Accurately balancing supply and demand management, optimizing inventory levels, and forecasting future needs is challenging. Multiple internal and external factors impact every part of the supply chain—understanding these risks, and mitigating them, will boost the accuracy and reliability of logistics forecasting.
Here are five ways organizations can leverage reliable forecasting as a fundamental engine for business growth:
Consumers expect products to be available when and where they want them, and next-day delivery is becoming the standard. Up to 69% of consumers are much less or less likely to shop with a retailer in the future if an item they purchased is not delivered within two days of the date promised. Consumer expectations are even higher during peak shopping periods, with 86% of shoppers reporting increased expectations for their retail deliveries over the holidays.
Retailers must continue to plan to meet rising consumer demands. Efficient forecasting means you can lower lead times and get products closer to consumers for faster distribution – and happier customers.
Consumers have never had more choices, and ensuring the availability of both new and existing products gives you a significant competitive advantage. Forecasting allows you to manage and mitigate risks to supply and demand across your product portfolio.
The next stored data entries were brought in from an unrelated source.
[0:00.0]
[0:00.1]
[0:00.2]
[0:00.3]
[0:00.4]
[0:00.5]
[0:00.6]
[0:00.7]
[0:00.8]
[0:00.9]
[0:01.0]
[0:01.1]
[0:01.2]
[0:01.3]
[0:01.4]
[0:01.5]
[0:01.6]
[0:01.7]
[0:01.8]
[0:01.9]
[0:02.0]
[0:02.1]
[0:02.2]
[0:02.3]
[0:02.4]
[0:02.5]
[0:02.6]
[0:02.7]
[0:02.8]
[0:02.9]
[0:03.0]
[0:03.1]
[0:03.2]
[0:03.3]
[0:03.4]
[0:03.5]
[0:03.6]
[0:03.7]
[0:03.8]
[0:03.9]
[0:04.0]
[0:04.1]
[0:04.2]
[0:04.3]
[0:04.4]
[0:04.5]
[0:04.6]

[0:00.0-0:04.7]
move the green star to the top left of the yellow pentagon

Forecasting is also a key consideration when launching new products. Per the Institute of Business Forecasting, about 17% of companies’ sales revenue now comes from new products. Forecasting new products can be difficult because there is no historical data. Create scenarios incorporating different assumptions.
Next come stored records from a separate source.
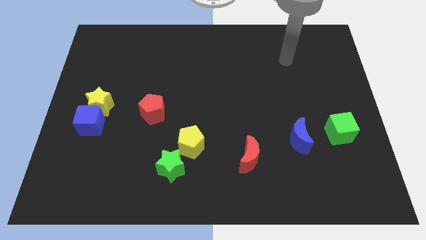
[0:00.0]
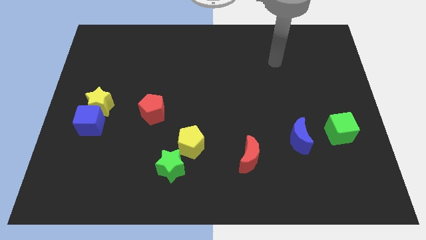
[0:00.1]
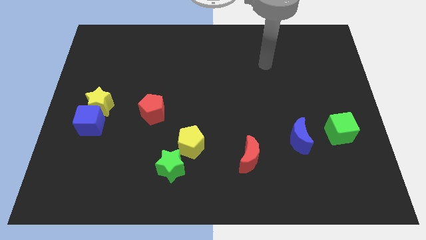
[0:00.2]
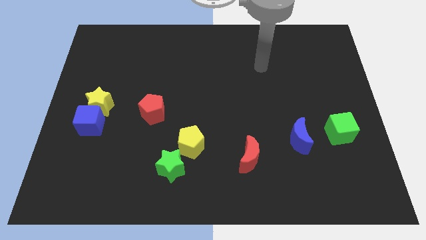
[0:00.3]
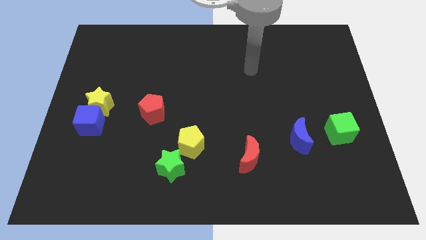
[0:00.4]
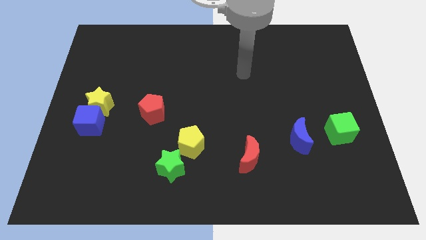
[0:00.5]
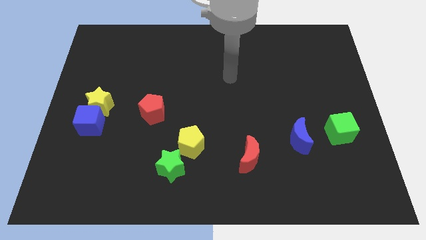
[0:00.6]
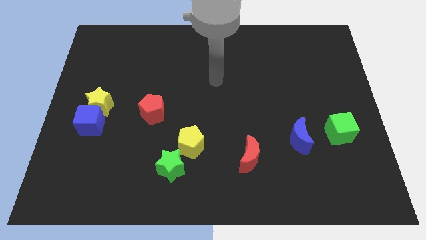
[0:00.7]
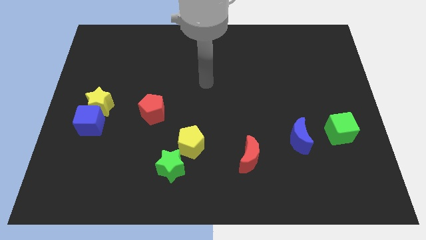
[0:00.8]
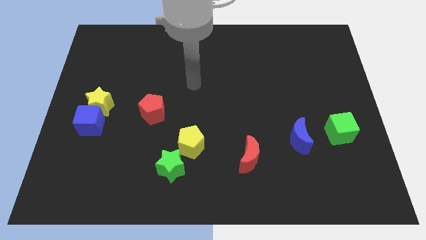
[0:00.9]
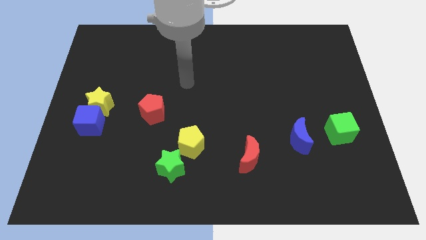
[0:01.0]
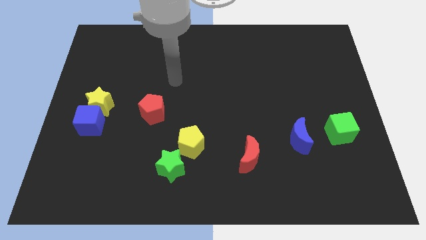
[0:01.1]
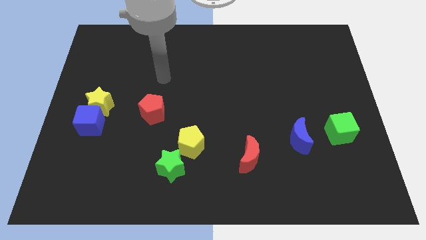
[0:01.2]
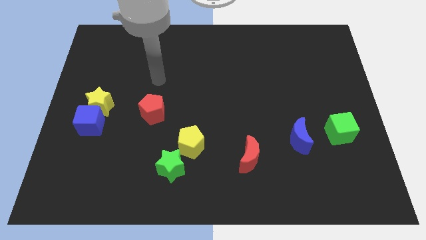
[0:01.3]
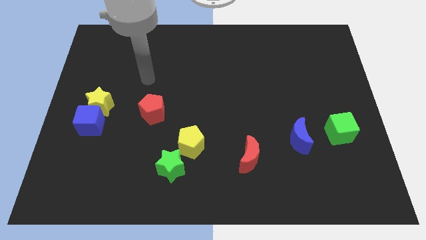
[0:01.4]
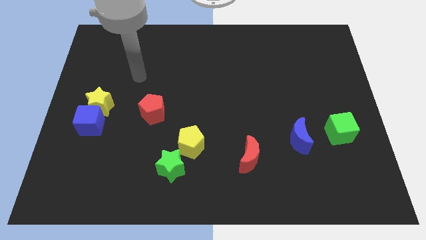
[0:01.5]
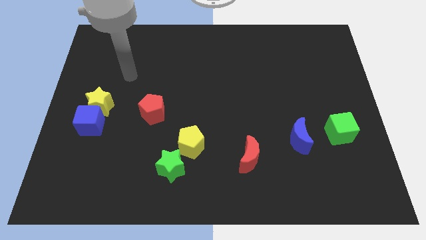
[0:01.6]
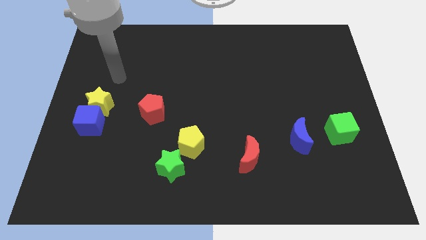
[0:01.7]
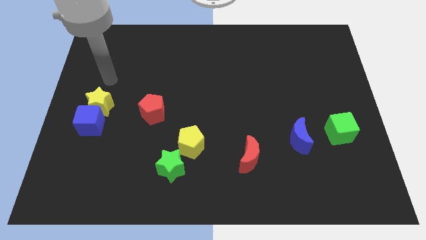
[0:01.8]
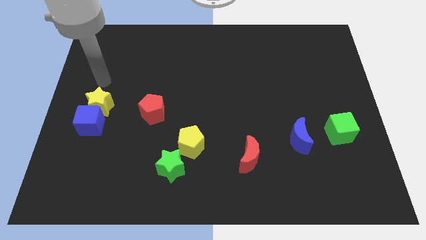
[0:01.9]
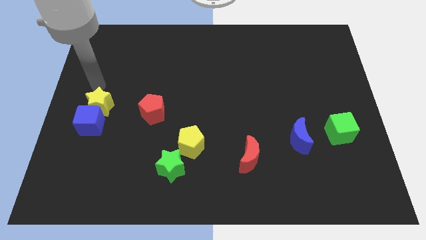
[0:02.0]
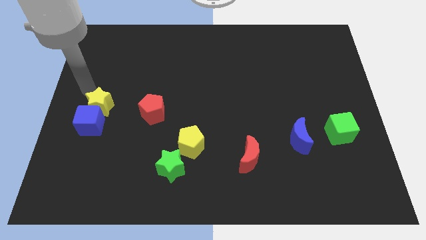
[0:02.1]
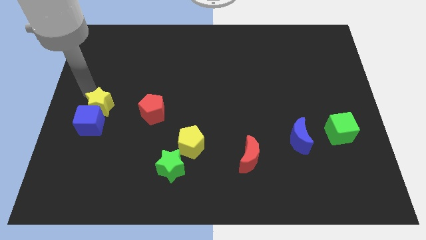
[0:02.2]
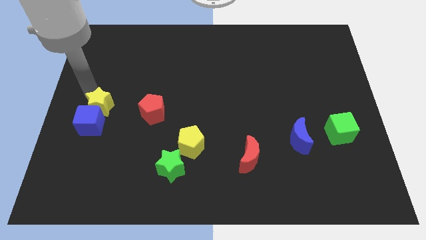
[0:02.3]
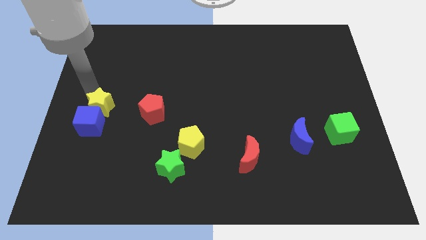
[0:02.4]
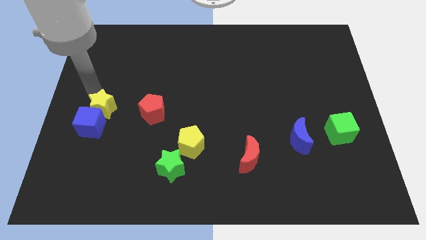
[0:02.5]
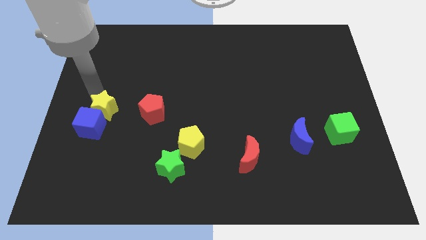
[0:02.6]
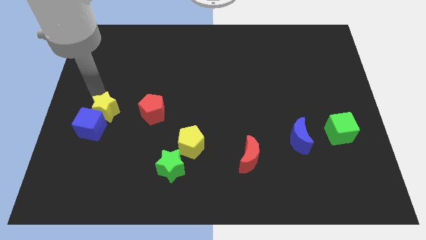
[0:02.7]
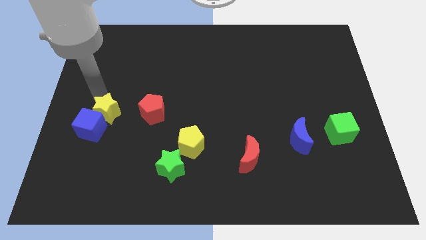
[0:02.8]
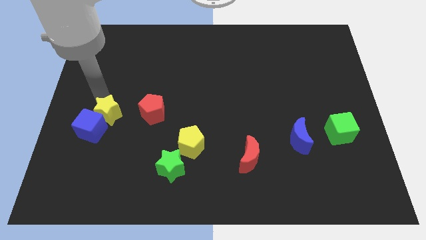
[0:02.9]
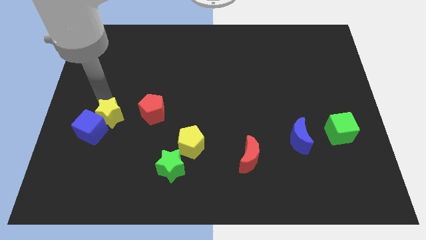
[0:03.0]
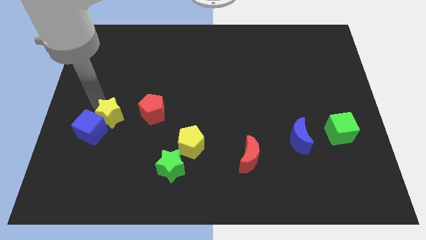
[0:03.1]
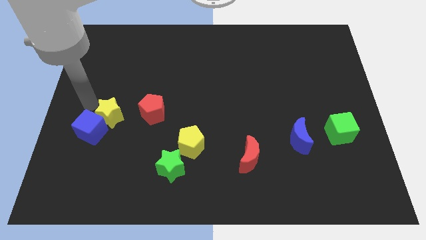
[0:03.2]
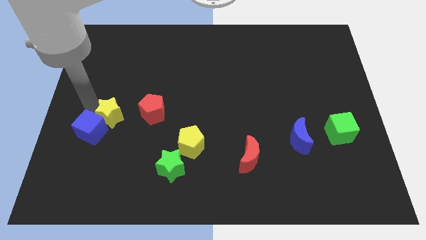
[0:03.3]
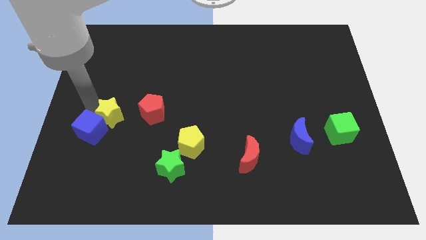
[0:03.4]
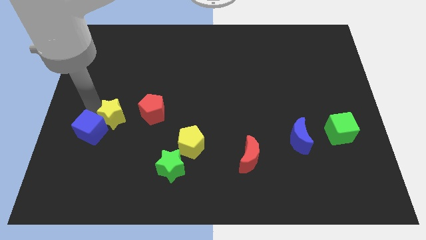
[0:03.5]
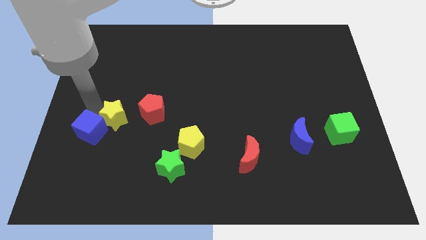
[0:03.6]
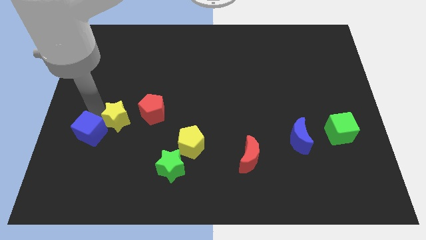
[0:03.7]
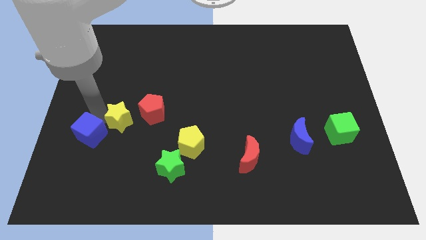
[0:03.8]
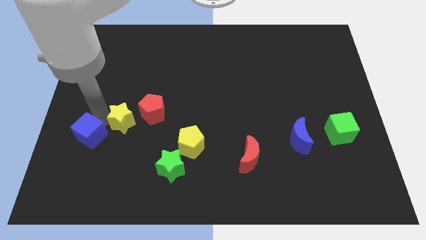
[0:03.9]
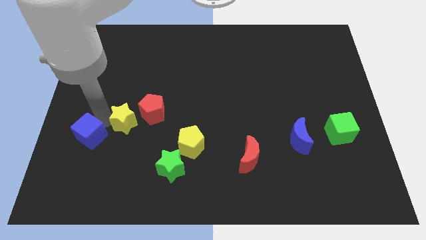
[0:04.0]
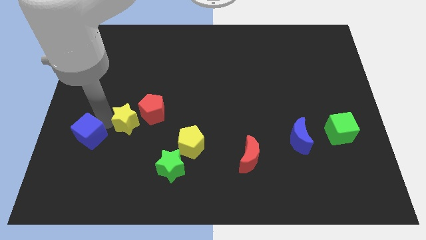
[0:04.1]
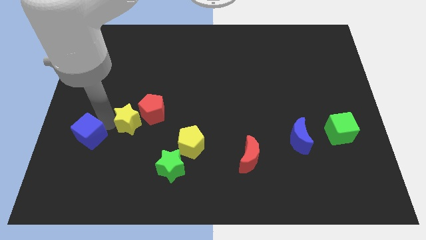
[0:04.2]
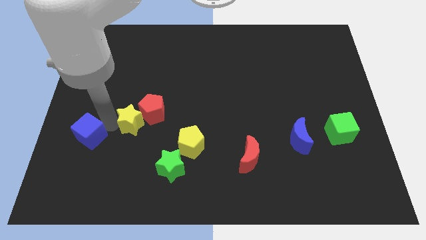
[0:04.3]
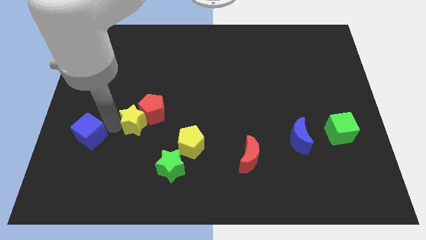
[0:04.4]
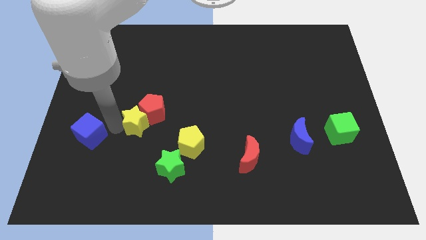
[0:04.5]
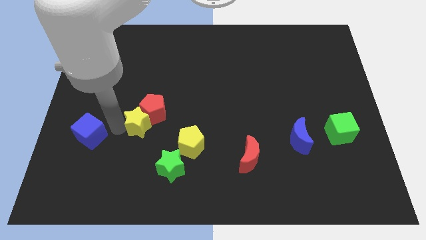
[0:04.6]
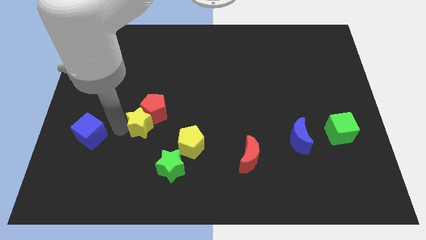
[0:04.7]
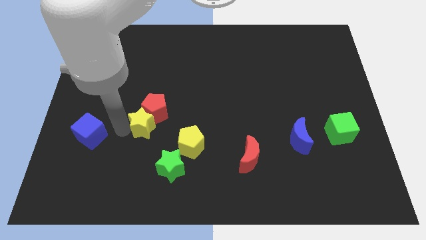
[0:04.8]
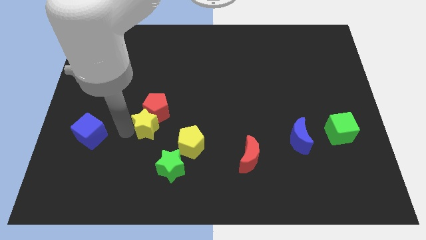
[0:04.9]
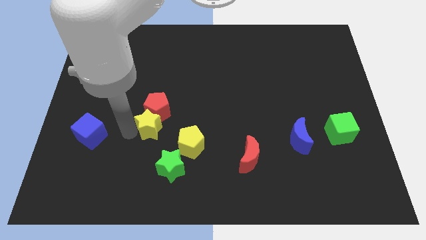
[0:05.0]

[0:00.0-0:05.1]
slide the yellow star to the bottom right of the red pentagon

Consistent, reliable forecasting allows supply chain leaders to maximize efficiency. This leads to less waste, lower operational costs, and an improved bottom line. In fact, for Consumer-Packaged Goods companies, reducing over-forecasting error by 1% could lead to an average of $3.52 million a year.
Additionally, reliable forecasting decreases the percentage of inventory that may be sold at a discount or be made obsolete. This means every dollar spent on inventory is spent more profitably.
"A 15% improvement in forecasting accuracy can deliver a 3% or better improvement to the bottom line" according to the Institute of Business Forecasting and Planning
Enterprises are increasingly embracing omnichannel approaches, offering seamless customer experiences. Omnichannel provides more channels for customers to discover, embrace, and purchase brands’ products. For brands accelerating omnichannel strategies, however, each new route to market will require unique forecasting and distribution approaches. Customers expect speed, flexibility, transparency, and reliability from brands. Forecasting and staging inventory effectively is critical, making a strong understanding of current inventory across the supply chain a requirement.
Supply chains are becoming increasingly global, resulting in a potentially fragile network that can be easily disrupted by events like the Suez Canal blockage or the COVID-19 pandemic. Forecasting helps you plan for contingencies to avoid these issues.
If your brand is reevaluating a global supply chain strategy, it is highly valuable to partner with supply chain experts to drive success across a diverse supply chain.
Business strategy relies on solid forecasts of likely future supply and demand. Good modeling supports stronger, more confident planning and strategy. In addition to these improvements, good forecasting also enhances your logistics and supply chain in more subtle ways. It adds discipline to your data collection processes, requires you to audit what works and what doesn’t, and encourages stakeholders to re-examine the most critical parts of the supply chain network.
Logistics forecasting isn’t easy, but it is possible through a deep understanding of necessary changes, and the resources and commitment to drive change.